[Extracted records]

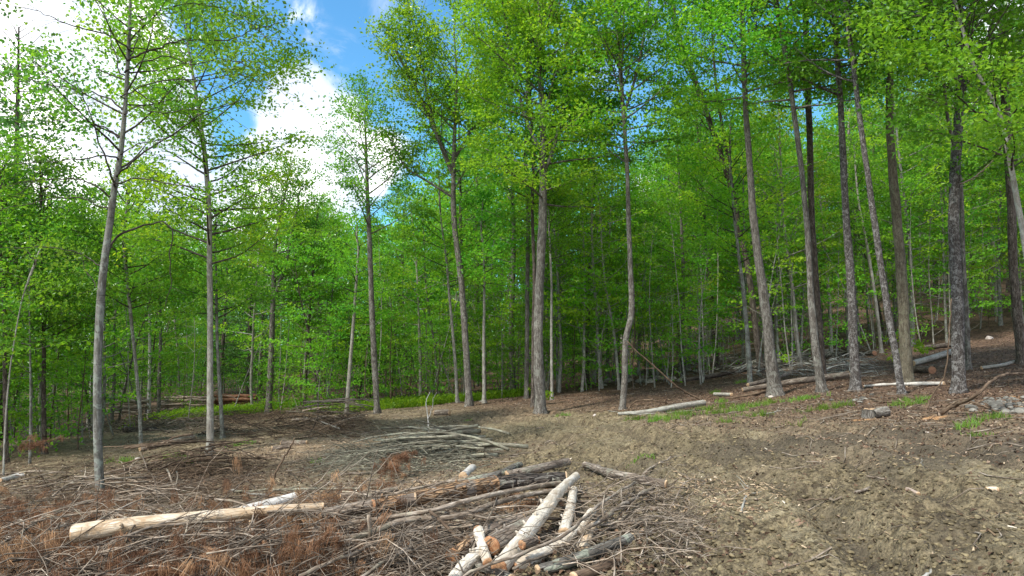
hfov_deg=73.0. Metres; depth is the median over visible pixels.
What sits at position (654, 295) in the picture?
sapling
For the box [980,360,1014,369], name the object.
fallen log
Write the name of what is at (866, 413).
stump
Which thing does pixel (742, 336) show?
slender tree
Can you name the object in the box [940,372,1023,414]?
fallen branch
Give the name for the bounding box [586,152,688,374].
slender tree
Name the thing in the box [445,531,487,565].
frayed log
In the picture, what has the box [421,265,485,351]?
sapling
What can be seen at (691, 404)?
fallen log
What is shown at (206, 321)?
slender tree
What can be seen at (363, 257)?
broadleaf tree
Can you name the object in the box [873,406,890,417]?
rock
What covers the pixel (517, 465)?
bark log
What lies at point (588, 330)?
sapling
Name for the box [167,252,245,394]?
slender tree
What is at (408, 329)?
sapling
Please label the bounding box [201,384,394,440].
bank twigs
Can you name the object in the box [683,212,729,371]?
sapling
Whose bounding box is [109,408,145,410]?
stacked log
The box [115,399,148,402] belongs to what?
stacked log
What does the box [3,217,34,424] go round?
broadleaf tree
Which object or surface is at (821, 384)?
maple tree
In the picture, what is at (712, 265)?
slender tree
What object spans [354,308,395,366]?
sapling
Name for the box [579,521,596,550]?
split log
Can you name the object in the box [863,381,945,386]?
birch log
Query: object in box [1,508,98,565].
fallen branch
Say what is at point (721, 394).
fallen log
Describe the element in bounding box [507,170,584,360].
broadleaf tree
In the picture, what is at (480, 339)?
sapling
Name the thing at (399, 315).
sapling
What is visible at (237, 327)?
slender tree
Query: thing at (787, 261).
sapling
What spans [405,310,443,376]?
sapling
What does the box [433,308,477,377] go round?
sapling
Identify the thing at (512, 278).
broadleaf tree
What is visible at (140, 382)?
slender tree
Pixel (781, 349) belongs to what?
sapling
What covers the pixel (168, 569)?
dead needles
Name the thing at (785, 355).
maple sprout
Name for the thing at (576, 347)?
sapling
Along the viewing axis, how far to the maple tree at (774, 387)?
17.56 m
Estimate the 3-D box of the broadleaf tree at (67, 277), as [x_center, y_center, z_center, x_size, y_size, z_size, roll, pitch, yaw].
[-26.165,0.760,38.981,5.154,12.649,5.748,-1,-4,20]
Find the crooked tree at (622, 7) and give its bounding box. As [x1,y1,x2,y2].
[533,0,729,409]
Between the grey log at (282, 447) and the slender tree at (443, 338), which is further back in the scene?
the slender tree at (443, 338)
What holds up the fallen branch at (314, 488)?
on the ground
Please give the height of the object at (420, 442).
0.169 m
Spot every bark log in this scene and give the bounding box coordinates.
[249,492,417,530]
[372,475,499,512]
[463,462,522,478]
[464,512,525,538]
[505,458,571,474]
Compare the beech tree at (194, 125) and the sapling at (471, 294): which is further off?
the sapling at (471, 294)
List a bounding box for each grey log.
[56,426,90,439]
[201,428,227,434]
[236,492,298,507]
[271,444,291,450]
[280,440,307,444]
[433,409,450,415]
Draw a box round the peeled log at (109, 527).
[69,503,323,542]
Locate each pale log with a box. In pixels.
[0,473,26,481]
[138,434,195,450]
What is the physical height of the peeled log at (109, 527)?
0.257 m
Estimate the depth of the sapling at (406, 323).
39.51 m
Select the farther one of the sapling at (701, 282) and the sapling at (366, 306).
the sapling at (366, 306)
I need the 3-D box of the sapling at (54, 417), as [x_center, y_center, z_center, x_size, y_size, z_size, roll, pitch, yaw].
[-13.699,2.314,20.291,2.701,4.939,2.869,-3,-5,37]
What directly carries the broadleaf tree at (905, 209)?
on the ground
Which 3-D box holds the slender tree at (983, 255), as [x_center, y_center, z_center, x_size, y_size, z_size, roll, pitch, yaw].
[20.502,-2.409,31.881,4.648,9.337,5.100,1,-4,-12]
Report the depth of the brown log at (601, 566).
4.86 m
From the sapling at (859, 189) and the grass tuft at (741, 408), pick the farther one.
the sapling at (859, 189)
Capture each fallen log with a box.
[340,486,398,498]
[582,461,667,488]
[603,375,636,383]
[617,400,706,414]
[682,361,796,381]
[713,392,732,395]
[725,390,765,398]
[742,371,849,391]
[746,371,791,386]
[780,349,828,360]
[803,351,876,359]
[913,349,950,365]
[924,342,950,349]
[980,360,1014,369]
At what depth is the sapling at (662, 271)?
31.10 m
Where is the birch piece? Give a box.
[459,464,475,478]
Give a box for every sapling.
[0,212,119,463]
[0,237,105,446]
[0,286,93,444]
[1,264,89,436]
[1,339,49,437]
[4,199,84,440]
[14,299,122,437]
[20,257,136,435]
[28,320,114,449]
[51,301,135,420]
[54,311,75,427]
[70,263,163,424]
[92,251,154,426]
[117,310,147,395]
[159,336,203,407]
[163,310,214,395]
[170,324,206,392]
[172,260,213,398]
[175,268,219,415]
[225,292,293,406]
[234,321,279,402]
[260,301,287,398]
[271,252,315,410]
[275,299,314,368]
[275,303,336,408]
[290,314,347,409]
[293,311,348,408]
[302,275,365,399]
[308,335,336,396]
[314,248,359,394]
[319,306,367,397]
[320,287,386,400]
[328,288,399,397]
[339,313,398,400]
[342,265,366,393]
[344,308,394,390]
[353,300,415,397]
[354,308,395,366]
[358,275,381,392]
[360,290,427,398]
[361,216,409,393]
[363,307,423,398]
[364,266,434,394]
[380,238,471,394]
[384,261,420,395]
[386,280,428,395]
[388,316,433,395]
[395,278,416,388]
[400,246,449,395]
[405,260,442,391]
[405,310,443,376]
[406,302,463,393]
[410,296,454,368]
[410,310,448,386]
[415,313,459,392]
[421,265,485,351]
[422,304,476,392]
[423,260,473,393]
[429,286,494,394]
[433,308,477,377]
[441,309,480,393]
[449,285,523,391]
[453,274,510,372]
[457,293,497,372]
[457,311,505,381]
[468,285,508,389]
[469,279,509,366]
[472,282,531,397]
[477,304,508,382]
[488,263,549,386]
[490,249,572,342]
[490,264,547,369]
[495,283,530,354]
[495,307,547,392]
[496,255,567,344]
[497,317,530,372]
[501,295,561,382]
[502,251,525,372]
[517,327,555,378]
[519,267,579,379]
[520,294,555,387]
[521,294,567,388]
[530,248,575,392]
[545,260,578,382]
[545,276,572,375]
[547,283,605,390]
[549,289,603,384]
[555,257,616,380]
[555,292,593,376]
[560,292,607,389]
[562,292,612,373]
[570,253,626,361]
[570,283,628,390]
[582,255,651,379]
[589,305,620,371]
[593,269,668,388]
[594,295,637,374]
[599,220,647,376]
[602,258,671,383]
[608,222,679,376]
[610,251,677,369]
[615,192,673,387]
[615,273,676,384]
[617,245,688,375]
[619,207,666,374]
[619,251,681,377]
[620,285,660,366]
[626,257,669,384]
[626,281,671,378]
[633,264,674,374]
[636,242,676,375]
[639,182,705,385]
[639,279,702,387]
[640,292,689,378]
[641,284,691,374]
[642,277,692,381]
[651,228,740,383]
[653,270,714,376]
[657,278,693,347]
[663,237,750,380]
[665,254,736,382]
[666,226,711,371]
[670,254,744,371]
[670,260,724,374]
[678,268,731,373]
[679,265,724,369]
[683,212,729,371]
[691,303,719,351]
[694,281,751,369]
[695,184,747,373]
[696,269,724,354]
[708,269,750,357]
[709,255,729,362]
[718,270,739,353]
[720,233,780,360]
[722,202,807,374]
[724,228,766,359]
[726,241,767,341]
[733,250,790,351]
[742,164,806,369]
[751,296,799,351]
[752,203,804,359]
[765,186,822,369]
[765,230,788,353]
[773,244,844,363]
[786,214,830,350]
[789,202,880,355]
[792,209,825,347]
[819,212,861,358]
[821,242,857,319]
[821,249,890,346]
[822,252,875,332]
[829,235,869,356]
[833,228,894,339]
[834,236,896,349]
[835,239,873,347]
[848,184,890,346]
[862,243,923,301]
[869,200,921,342]
[870,212,907,343]
[880,166,932,338]
[881,208,934,344]
[882,242,897,331]
[886,176,935,309]
[888,264,934,322]
[889,254,946,339]
[891,154,948,343]
[919,154,984,342]
[919,227,1004,316]
[920,193,951,321]
[922,202,943,320]
[924,255,946,323]
[926,202,977,329]
[930,198,976,324]
[945,201,996,329]
[964,157,1003,328]
[965,248,999,325]
[967,244,1008,327]
[970,216,1006,313]
[978,206,1006,321]
[980,241,1008,287]
[984,169,1023,323]
[995,211,1023,280]
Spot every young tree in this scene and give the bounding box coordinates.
[0,229,96,474]
[11,151,206,444]
[128,192,299,438]
[243,196,359,409]
[302,208,403,413]
[387,160,497,402]
[428,182,536,403]
[485,166,608,399]
[651,104,821,382]
[815,127,918,352]
[860,0,1023,369]
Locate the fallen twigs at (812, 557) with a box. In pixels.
[0,346,1023,575]
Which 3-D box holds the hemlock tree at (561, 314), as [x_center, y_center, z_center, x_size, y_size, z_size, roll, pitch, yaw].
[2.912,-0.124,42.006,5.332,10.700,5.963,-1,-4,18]
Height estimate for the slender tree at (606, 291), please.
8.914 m
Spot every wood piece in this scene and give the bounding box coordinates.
[905,487,920,494]
[986,486,999,491]
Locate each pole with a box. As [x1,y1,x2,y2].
[320,480,561,529]
[326,487,570,541]
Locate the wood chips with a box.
[0,367,1023,575]
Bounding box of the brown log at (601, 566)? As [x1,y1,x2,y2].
[569,555,624,575]
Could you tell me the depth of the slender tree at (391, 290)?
50.85 m
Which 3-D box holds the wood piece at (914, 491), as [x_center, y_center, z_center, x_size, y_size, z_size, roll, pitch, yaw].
[3.787,1.927,6.535,0.051,0.051,0.226,0,-4,4]
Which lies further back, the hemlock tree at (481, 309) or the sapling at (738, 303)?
the hemlock tree at (481, 309)
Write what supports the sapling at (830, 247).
on the ground
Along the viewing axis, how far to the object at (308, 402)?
19.37 m
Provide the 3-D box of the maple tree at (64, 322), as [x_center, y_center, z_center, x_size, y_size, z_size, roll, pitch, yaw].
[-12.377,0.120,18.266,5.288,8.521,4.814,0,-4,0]
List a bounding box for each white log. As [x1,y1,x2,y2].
[448,546,481,575]
[473,525,491,564]
[491,472,579,570]
[510,508,596,569]
[558,486,577,532]
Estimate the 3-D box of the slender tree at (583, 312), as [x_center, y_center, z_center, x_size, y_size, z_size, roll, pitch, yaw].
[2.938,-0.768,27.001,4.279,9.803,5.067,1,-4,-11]
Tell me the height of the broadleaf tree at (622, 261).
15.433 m
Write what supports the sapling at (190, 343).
on the ground
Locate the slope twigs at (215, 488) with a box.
[0,443,299,511]
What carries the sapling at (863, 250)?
on the ground
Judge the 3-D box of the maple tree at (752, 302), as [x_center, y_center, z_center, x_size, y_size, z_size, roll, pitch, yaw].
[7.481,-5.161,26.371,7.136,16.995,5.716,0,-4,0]
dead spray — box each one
[18,432,63,454]
[370,459,410,479]
[379,449,425,465]
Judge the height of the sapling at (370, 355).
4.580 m
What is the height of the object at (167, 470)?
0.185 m
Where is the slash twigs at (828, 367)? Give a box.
[678,339,889,377]
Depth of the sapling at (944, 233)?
31.37 m
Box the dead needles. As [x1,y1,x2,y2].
[0,455,564,575]
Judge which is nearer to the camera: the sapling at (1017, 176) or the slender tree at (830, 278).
the sapling at (1017, 176)
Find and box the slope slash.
[79,395,255,434]
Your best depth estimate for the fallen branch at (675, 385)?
17.86 m
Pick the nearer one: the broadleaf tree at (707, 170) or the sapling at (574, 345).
the sapling at (574, 345)
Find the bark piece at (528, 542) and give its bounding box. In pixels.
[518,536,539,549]
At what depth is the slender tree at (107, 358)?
35.07 m
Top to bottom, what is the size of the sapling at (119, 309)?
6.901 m
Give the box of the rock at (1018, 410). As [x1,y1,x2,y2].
[1014,408,1023,413]
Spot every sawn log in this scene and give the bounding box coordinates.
[484,515,538,555]
[913,366,935,373]
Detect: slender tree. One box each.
[0,201,68,419]
[0,272,59,450]
[7,224,94,434]
[8,222,75,418]
[19,178,179,438]
[32,235,137,429]
[64,268,144,396]
[72,255,129,381]
[75,246,191,427]
[106,229,197,395]
[110,261,201,412]
[116,320,155,389]
[118,265,197,394]
[119,260,213,398]
[137,300,189,385]
[140,221,222,394]
[151,296,206,391]
[155,265,203,377]
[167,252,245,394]
[181,264,244,385]
[186,267,246,393]
[202,177,314,404]
[214,274,265,382]
[251,227,359,409]
[275,265,347,388]
[279,290,325,377]
[287,211,365,383]
[333,234,417,398]
[333,248,414,397]
[359,231,441,390]
[367,179,482,393]
[374,242,426,376]
[396,208,480,381]
[407,169,506,388]
[432,236,509,388]
[438,179,532,385]
[459,177,552,388]
[493,126,621,392]
[496,158,616,390]
[532,148,640,391]
[535,82,659,388]
[546,154,666,389]
[548,147,672,382]
[555,257,609,342]
[566,229,651,371]
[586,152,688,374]
[642,223,685,342]
[658,167,745,351]
[668,169,748,356]
[673,109,819,363]
[697,125,800,357]
[697,216,738,339]
[698,216,740,346]
[707,45,860,366]
[709,113,844,361]
[759,196,844,335]
[820,152,893,302]
[822,155,923,339]
[823,142,890,306]
[824,171,912,329]
[861,196,926,296]
[883,139,1005,342]
[884,143,1022,326]
[888,170,946,311]
[903,98,1017,307]
[907,200,944,295]
[932,180,1007,310]
[974,93,1023,263]
[975,142,1023,311]
[978,138,1023,286]
[982,126,1023,270]
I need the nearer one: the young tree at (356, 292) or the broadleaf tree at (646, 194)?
the young tree at (356, 292)
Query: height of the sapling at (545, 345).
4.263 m
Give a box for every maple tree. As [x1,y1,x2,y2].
[0,124,102,463]
[0,133,152,453]
[201,149,345,413]
[299,67,449,413]
[354,0,525,406]
[412,0,680,413]
[437,0,623,398]
[452,0,619,406]
[530,94,648,384]
[622,0,796,373]
[639,0,840,397]
[677,0,927,392]
[708,0,904,380]
[710,0,951,391]
[789,0,1023,394]
[912,0,1023,364]
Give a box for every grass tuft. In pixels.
[103,456,133,463]
[622,415,649,420]
[626,453,654,468]
[647,415,665,422]
[663,408,688,415]
[663,412,681,421]
[676,408,709,419]
[691,403,723,410]
[705,408,727,413]
[708,401,734,409]
[714,397,727,402]
[714,417,741,423]
[721,404,748,412]
[728,408,774,417]
[729,402,748,408]
[743,397,769,407]
[755,397,777,403]
[769,417,806,426]
[779,394,815,402]
[792,399,848,412]
[798,391,830,398]
[822,399,855,406]
[887,397,927,408]
[900,395,930,400]
[951,418,982,430]
[960,429,998,436]
[967,410,1013,421]
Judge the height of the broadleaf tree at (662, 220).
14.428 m
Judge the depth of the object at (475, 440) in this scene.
11.93 m
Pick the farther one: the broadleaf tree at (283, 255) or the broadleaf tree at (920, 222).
the broadleaf tree at (920, 222)
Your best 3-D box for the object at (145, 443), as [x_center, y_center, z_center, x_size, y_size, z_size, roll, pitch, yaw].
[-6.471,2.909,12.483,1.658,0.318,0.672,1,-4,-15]
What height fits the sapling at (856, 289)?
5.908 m
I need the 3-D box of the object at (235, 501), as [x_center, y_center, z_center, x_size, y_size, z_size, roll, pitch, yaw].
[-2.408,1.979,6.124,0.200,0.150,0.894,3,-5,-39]
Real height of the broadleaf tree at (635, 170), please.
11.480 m
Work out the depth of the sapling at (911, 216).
35.38 m
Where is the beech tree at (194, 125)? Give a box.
[56,0,339,454]
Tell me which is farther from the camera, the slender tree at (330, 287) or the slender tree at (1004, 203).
the slender tree at (330, 287)
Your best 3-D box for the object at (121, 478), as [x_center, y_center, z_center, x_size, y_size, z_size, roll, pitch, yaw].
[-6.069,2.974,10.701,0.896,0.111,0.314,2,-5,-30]
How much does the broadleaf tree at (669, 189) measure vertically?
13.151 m
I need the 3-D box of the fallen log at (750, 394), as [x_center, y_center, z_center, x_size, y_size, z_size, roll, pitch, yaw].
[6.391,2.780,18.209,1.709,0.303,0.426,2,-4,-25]
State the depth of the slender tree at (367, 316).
32.97 m
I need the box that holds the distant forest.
[12,74,1023,391]
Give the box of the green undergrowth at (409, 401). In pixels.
[104,386,545,428]
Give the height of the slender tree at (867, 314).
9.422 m
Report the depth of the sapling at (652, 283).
26.82 m
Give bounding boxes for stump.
[861,408,875,418]
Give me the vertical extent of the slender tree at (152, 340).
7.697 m
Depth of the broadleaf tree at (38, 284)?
34.84 m
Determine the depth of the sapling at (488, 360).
27.64 m
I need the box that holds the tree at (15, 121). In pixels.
[0,0,114,440]
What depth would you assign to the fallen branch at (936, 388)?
12.13 m
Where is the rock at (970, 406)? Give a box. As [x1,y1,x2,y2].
[965,404,976,407]
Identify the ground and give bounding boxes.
[0,244,1023,575]
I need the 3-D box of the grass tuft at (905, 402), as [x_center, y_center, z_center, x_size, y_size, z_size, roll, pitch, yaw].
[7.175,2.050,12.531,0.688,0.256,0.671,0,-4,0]
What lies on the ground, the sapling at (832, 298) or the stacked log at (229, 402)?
the sapling at (832, 298)
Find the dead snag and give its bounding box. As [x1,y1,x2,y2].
[86,357,92,426]
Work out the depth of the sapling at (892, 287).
35.97 m
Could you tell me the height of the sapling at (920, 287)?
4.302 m
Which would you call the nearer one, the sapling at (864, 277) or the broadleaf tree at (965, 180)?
the sapling at (864, 277)
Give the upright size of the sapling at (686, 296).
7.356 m
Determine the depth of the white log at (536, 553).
5.27 m
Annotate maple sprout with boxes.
[528,388,553,399]
[777,352,794,362]
[876,334,934,360]
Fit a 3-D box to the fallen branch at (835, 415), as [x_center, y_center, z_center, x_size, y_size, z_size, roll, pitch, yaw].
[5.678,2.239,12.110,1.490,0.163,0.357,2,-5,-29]
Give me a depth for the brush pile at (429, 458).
11.48 m
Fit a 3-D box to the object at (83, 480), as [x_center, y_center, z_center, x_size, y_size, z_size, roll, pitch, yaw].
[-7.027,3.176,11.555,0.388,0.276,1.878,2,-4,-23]
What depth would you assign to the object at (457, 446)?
11.61 m
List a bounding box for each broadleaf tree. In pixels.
[0,151,40,338]
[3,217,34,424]
[9,197,57,399]
[14,183,132,434]
[32,196,107,401]
[72,216,162,422]
[75,190,152,351]
[76,192,158,395]
[84,204,158,392]
[86,232,172,414]
[98,198,154,391]
[169,207,214,380]
[187,234,236,366]
[193,213,246,377]
[218,218,270,367]
[241,188,316,323]
[277,202,346,394]
[279,182,362,399]
[285,185,354,387]
[286,202,352,381]
[295,214,375,398]
[308,219,363,390]
[338,219,397,335]
[360,175,439,378]
[374,183,452,395]
[399,129,498,375]
[405,134,505,372]
[407,75,517,390]
[421,64,524,382]
[429,168,507,296]
[441,66,577,388]
[452,194,507,362]
[498,113,600,355]
[501,181,560,292]
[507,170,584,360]
[562,168,642,377]
[580,159,660,361]
[611,143,687,353]
[611,168,651,343]
[613,147,670,349]
[615,185,671,351]
[623,130,716,355]
[625,105,738,375]
[636,70,768,369]
[638,129,718,318]
[638,147,701,326]
[648,111,747,360]
[651,103,747,370]
[651,176,690,333]
[667,89,749,276]
[678,112,734,336]
[705,123,792,339]
[710,124,774,334]
[714,99,827,357]
[715,100,796,337]
[727,85,832,337]
[734,148,798,342]
[739,130,826,355]
[740,156,795,328]
[757,111,868,322]
[768,140,853,360]
[773,116,872,350]
[779,147,828,331]
[785,47,927,349]
[805,88,908,342]
[820,65,980,345]
[820,138,870,299]
[823,65,936,325]
[824,56,922,313]
[832,123,887,298]
[854,72,945,252]
[864,123,925,240]
[874,68,1019,330]
[876,70,941,292]
[896,21,1022,308]
[897,84,998,323]
[899,93,974,293]
[902,53,1022,299]
[917,85,1017,289]
[924,66,1022,315]
[953,88,1011,283]
[962,77,1023,325]
[966,28,1023,224]
[970,51,1023,291]
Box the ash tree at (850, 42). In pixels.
[736,0,955,394]
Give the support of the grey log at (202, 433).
on the ground
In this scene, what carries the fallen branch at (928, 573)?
on the ground
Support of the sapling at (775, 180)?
on the ground
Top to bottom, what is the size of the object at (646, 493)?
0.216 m
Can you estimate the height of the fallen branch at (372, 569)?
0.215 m
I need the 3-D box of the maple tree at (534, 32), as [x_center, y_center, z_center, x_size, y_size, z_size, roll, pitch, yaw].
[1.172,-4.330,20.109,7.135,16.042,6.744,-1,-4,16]
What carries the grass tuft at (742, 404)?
on the ground
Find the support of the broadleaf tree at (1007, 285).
on the ground
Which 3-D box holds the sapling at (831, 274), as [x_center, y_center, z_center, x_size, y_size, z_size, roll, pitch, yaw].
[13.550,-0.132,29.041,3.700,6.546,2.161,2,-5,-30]
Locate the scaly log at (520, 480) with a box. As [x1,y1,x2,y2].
[486,471,566,489]
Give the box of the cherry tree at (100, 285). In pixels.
[0,0,336,496]
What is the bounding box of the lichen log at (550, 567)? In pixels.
[534,533,635,574]
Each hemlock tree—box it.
[165,224,266,393]
[195,216,292,394]
[202,224,295,378]
[222,246,297,392]
[320,215,404,386]
[358,223,433,381]
[437,220,508,377]
[494,210,582,362]
[517,211,604,368]
[779,0,1007,382]
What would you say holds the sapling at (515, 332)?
on the ground
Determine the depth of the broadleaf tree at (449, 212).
48.24 m
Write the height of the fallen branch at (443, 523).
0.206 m
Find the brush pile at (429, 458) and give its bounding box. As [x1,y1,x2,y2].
[295,422,492,479]
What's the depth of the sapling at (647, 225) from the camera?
28.11 m
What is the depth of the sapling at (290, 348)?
29.79 m
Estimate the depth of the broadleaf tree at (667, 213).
43.65 m
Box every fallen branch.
[1,493,210,545]
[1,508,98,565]
[22,475,67,487]
[124,524,340,538]
[128,452,158,503]
[228,489,265,494]
[234,485,388,492]
[288,471,321,490]
[298,502,452,575]
[361,522,469,575]
[367,514,371,556]
[385,478,481,496]
[428,509,472,543]
[462,481,635,575]
[577,482,654,534]
[597,512,720,536]
[608,409,698,414]
[625,341,701,399]
[626,397,675,411]
[641,455,681,474]
[737,476,761,512]
[797,491,837,501]
[810,410,861,419]
[829,486,870,500]
[866,475,884,479]
[871,398,927,402]
[922,568,931,575]
[927,299,951,405]
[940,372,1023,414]
[948,393,998,411]
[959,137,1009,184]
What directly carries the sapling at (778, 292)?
on the ground
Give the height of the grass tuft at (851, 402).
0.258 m
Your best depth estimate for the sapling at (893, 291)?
36.07 m
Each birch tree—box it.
[115,239,193,412]
[119,217,195,412]
[820,0,1023,257]
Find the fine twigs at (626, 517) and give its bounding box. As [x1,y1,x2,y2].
[324,458,750,575]
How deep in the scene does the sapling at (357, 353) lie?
26.62 m
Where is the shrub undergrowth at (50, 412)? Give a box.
[0,255,1023,459]
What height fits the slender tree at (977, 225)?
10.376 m
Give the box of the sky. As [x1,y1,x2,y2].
[0,0,1022,346]
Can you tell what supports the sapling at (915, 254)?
on the ground
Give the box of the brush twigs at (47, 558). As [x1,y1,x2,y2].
[0,440,533,575]
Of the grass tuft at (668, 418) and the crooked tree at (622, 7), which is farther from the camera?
the crooked tree at (622, 7)
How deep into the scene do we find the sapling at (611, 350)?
30.95 m
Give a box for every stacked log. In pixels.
[106,402,135,404]
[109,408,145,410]
[110,404,147,408]
[114,410,137,413]
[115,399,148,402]
[122,426,156,431]
[126,427,159,432]
[161,401,206,403]
[161,403,206,405]
[161,405,202,407]
[164,396,206,398]
[165,398,214,401]
[214,394,249,397]
[214,401,249,403]
[215,398,249,401]
[222,394,257,396]
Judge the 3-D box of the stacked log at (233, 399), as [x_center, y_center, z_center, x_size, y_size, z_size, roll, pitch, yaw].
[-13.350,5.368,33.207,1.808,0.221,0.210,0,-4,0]
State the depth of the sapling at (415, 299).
31.04 m
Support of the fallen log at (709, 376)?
on the ground
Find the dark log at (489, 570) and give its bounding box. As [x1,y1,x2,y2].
[471,560,515,575]
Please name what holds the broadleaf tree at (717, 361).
on the ground

→ Action item
Pull out each line of the records holding the string "bottom".

→ Expected output
Top to bottom, what is the size of the sapling at (119, 309)?
Top to bottom, what is the size of the object at (646, 493)?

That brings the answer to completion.